Анри тоже вздохнул с огромным облегчением, откинулся на спинку стула и обозрел потолочную лепнину: радующий глаз орнамент из пузатых фруктов, весенних цветов и витиеватых загогулин.
– Дай мне ее на минутку.
Но Мона уже задремала в гостиной, пригревшись в кресле под рыжим пледом.

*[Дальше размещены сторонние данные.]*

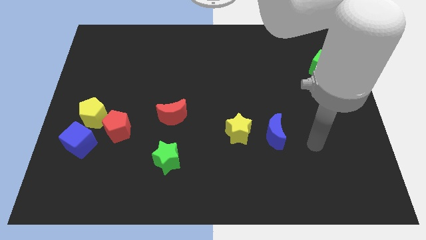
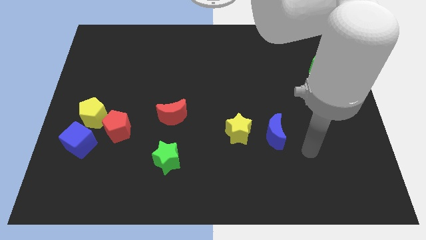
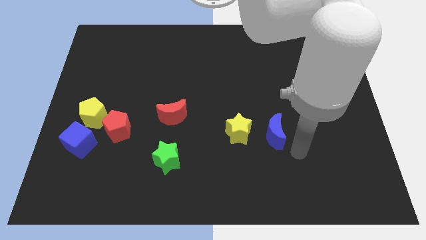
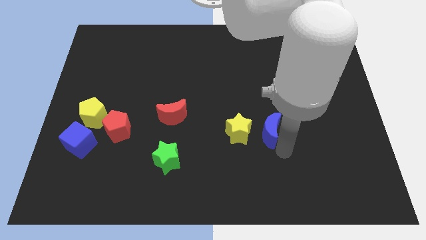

Овидий описывал засыпание как вход в огромную пещеру, где, томно раскинувшись, возлежит бог сна. Эти чертоги недоступны для Феба, повелителя Солнца. Мона узнала от деда, что путешествия в таинственные, зыбкие области сна определяют ритм отмеренной нам жизни. Поэтому никак нельзя пренебрегать прогулками по этим краям, где мы вновь и вновь оказываемся еженощно.
* * *
В следующие дни доктор Ван Орст из Отель-Дьё направлял Мону на все новые и новые обследования. И снова никакой особой патологии не выявилось. Шестьдесят три минуты слепоты оставались необъяснимыми, так что доктор отказался от диагноза “транзиторная ишемическая атака”, предполагавшего сосудистую недостаточность, в наличии которой он теперь сомневался. Поскольку установить точный диагноз не удавалось, Ван Орст предложил Моне и ее родителям прибегнуть к гипнозу. Поля такое предложение ошарашило. Мона же не очень хорошо понимала, что это такое. Само слово связывалось у нее с игрой в удавку, о которой она что-то смутно слышала в школе и которая ужасно ее пугала. Доктор постарался развеять это ложное представление и объяснил: погрузив Мону в гипноз, он сможет на некоторое время проникнуть в ее сознание и управлять им. Таким образом он вернет девочку в тот момент, когда у нее пропало зрение, даст ей пережить это снова, и тогда, возможно, обнаружится причина. Поль был категорически против. Ни в коем случае, это слишком опасно. Настаивать Ван Орст не стал – чтобы гипноз дал результаты, ребенок должен полностью довериться врачу. У Моны же с самого начала было сильное предубеждение, и отец ее бурно воспротивился, значит, возвращаться к рискованной теме не стоило. Что касается Камиллы, она промолчала.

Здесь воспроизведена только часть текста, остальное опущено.